Now The Government Even Wants To Decide Which Lightbulbs You Use In Your House.

by John Hawkins | January 31, 2007 3:53 pm

Is there any part of the marketplace or people’s lives that the government doesn’t want to stick its nose into? Quite frankly, proposals like this one[1] should be voted down simply because the government has no business regulating such a thing:

“A California lawmaker wants to make his state the first to ban incandescent lightbulbs as part of California’s groundbreaking initiatives to reduce energy use and greenhouse gases blamed for global warming.

The “How Many Legislators Does it Take to Change a Lightbulb Act” would ban incandescent lightbulbs by 2012 in favor of energy-saving compact fluorescent lightbulbs.

“Incandescent lightbulbs were first developed almost 125 years ago, and since that time they have undergone no major modifications,” California Assemblyman Lloyd Levine said on Tuesday.

“Meanwhile, they remain incredibly inefficient, converting only about 5 percent of the energy they receive into light.”

Levine is expected to introduce the legislation this week, his office said.

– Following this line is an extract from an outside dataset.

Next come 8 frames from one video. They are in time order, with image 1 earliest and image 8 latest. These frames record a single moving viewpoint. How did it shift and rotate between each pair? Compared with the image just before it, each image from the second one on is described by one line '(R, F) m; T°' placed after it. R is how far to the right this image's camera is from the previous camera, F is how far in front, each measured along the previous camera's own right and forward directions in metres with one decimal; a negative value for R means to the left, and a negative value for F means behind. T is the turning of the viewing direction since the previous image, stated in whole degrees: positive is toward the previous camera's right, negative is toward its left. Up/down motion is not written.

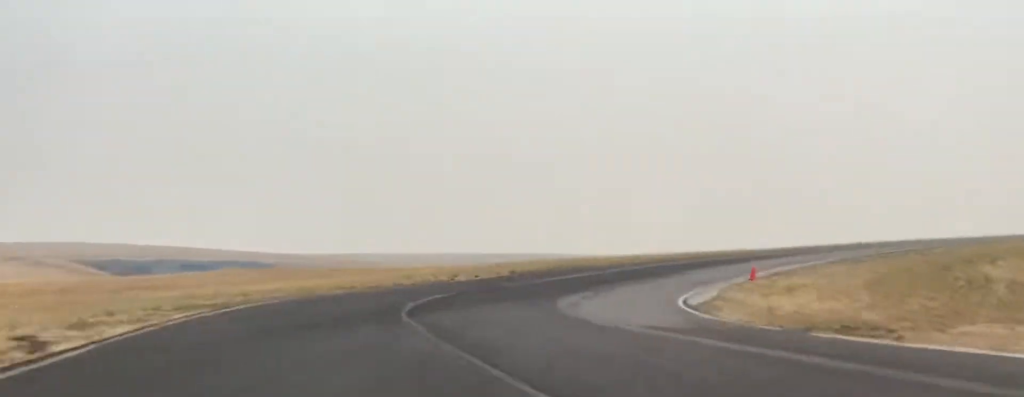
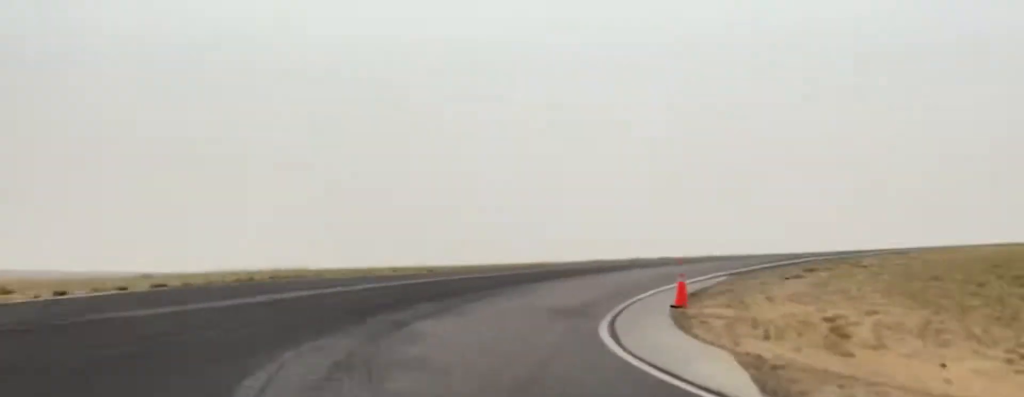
(+0.1, +25.3) m; +22°
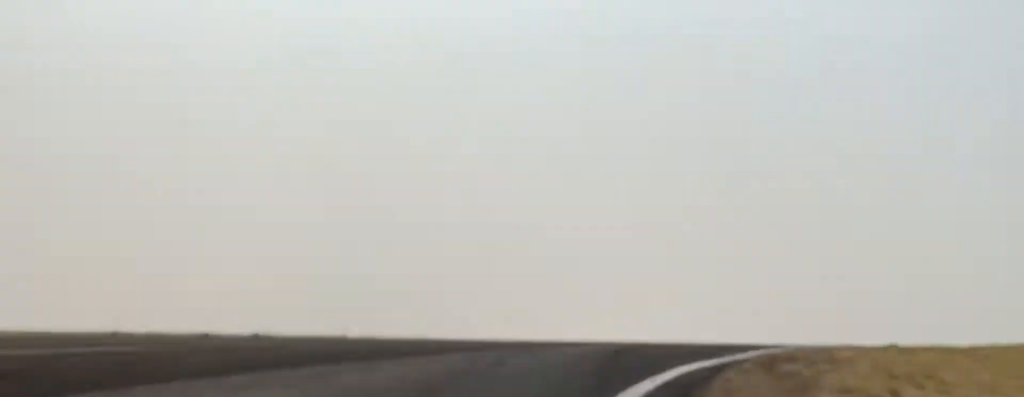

…Compact fluorescent lightbulbs (CFLs) use about 25 percent of the energy of conventional lightbulbs.

…Many CFLs have a spiral shape, which was introduced in 1980. By 2005, about 100 million CFLs were sold in the United States, or about 5 percent of the 2-billion-lightbulb market, according to the U.S. Environmental Protection Agency.”

Personally, I like CFLs and use them in my house, but they’re not perfect. They are certainly much more expensive to buy. Additionally, the light that comes from them doesn’t seem to be quite as intense as the light that comes from a regular bulb and they also don’t fit into the normal lampshades.

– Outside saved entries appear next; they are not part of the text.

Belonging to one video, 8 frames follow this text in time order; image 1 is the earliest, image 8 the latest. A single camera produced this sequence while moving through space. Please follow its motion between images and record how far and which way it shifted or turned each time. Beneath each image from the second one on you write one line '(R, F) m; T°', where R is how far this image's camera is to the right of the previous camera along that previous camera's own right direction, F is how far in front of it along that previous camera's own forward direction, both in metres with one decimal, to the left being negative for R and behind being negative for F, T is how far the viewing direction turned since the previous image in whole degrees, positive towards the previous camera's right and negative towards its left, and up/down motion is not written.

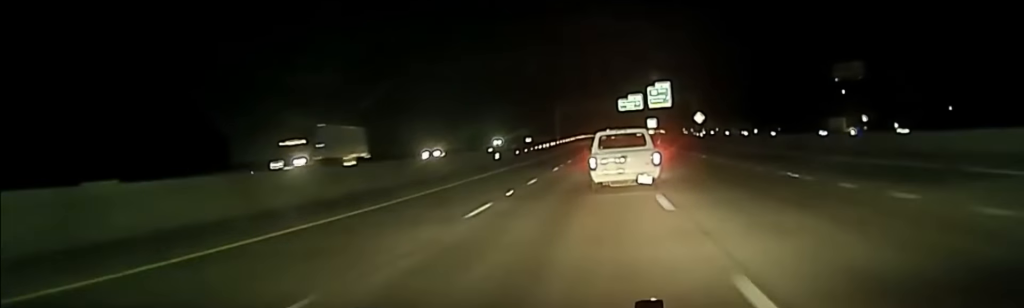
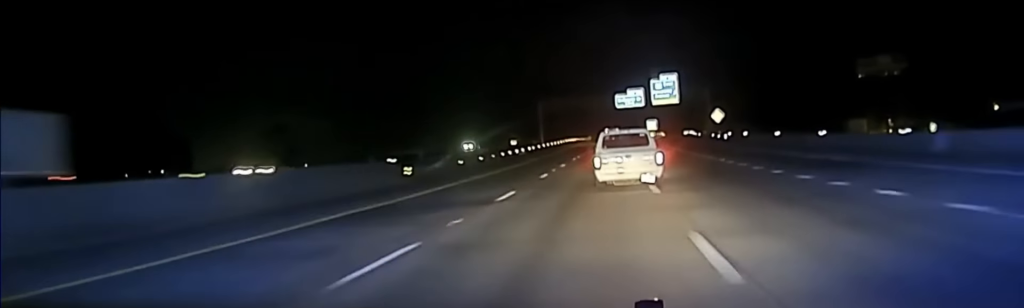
(+0.3, +31.1) m; +1°
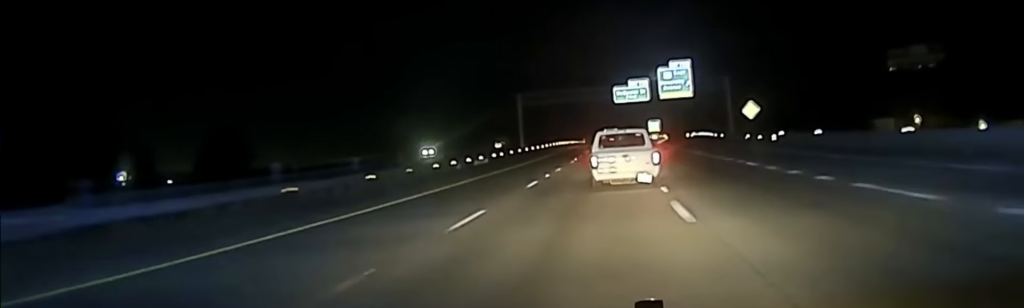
(+0.2, +30.2) m; 0°
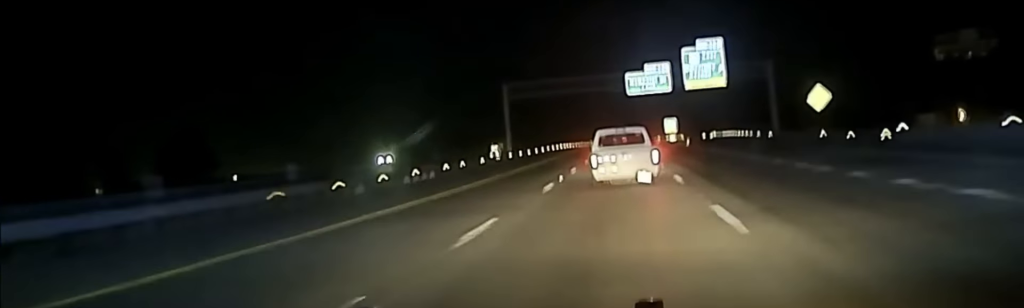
(+0.2, +28.3) m; 0°
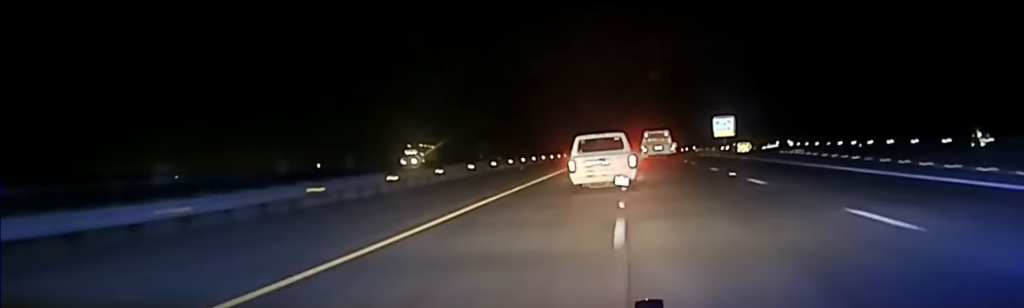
(-1.4, +98.4) m; -1°
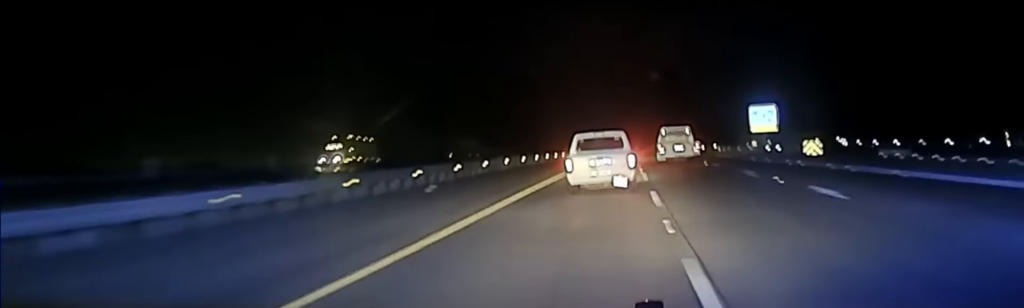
(+0.2, +29.9) m; 0°
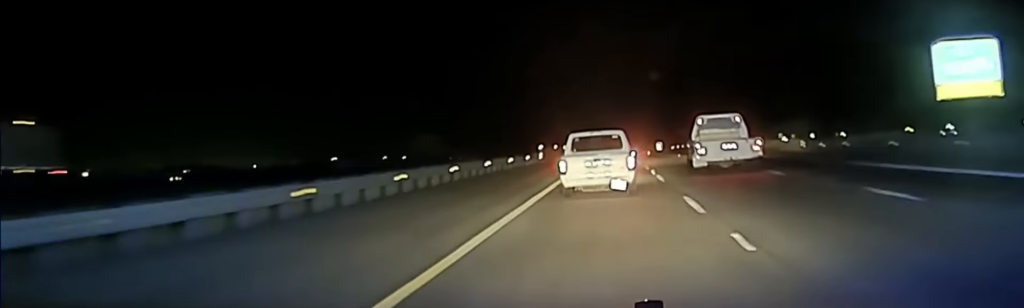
(+0.2, +47.7) m; 0°
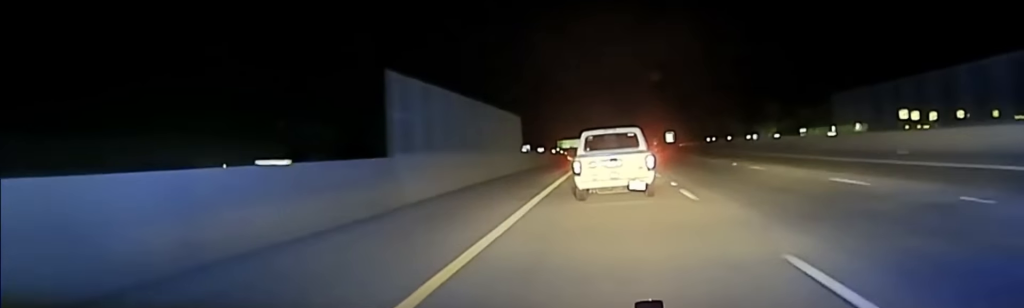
(+0.1, +71.5) m; 0°

Now, those things may seem like minor quibbles, but why not let the market decide that instead of allowing the government to pick between competing products? After all, wasn’t part of the reason that the Soviet Union got into so much economic trouble because government apparatchiks, none of whom were probably much smarter or dumber than Loyd Levine, were making decisions about which products would succeed and which products would fail instead of leaving it to the marketplace?

If CFLs are really as fantastic as Lloyd Levine seems to think, then they’ll eventually come to dominate the market anyway without government interference. So, California should just leave it alone and let people make their own decisions about which lightbulbs they prefer.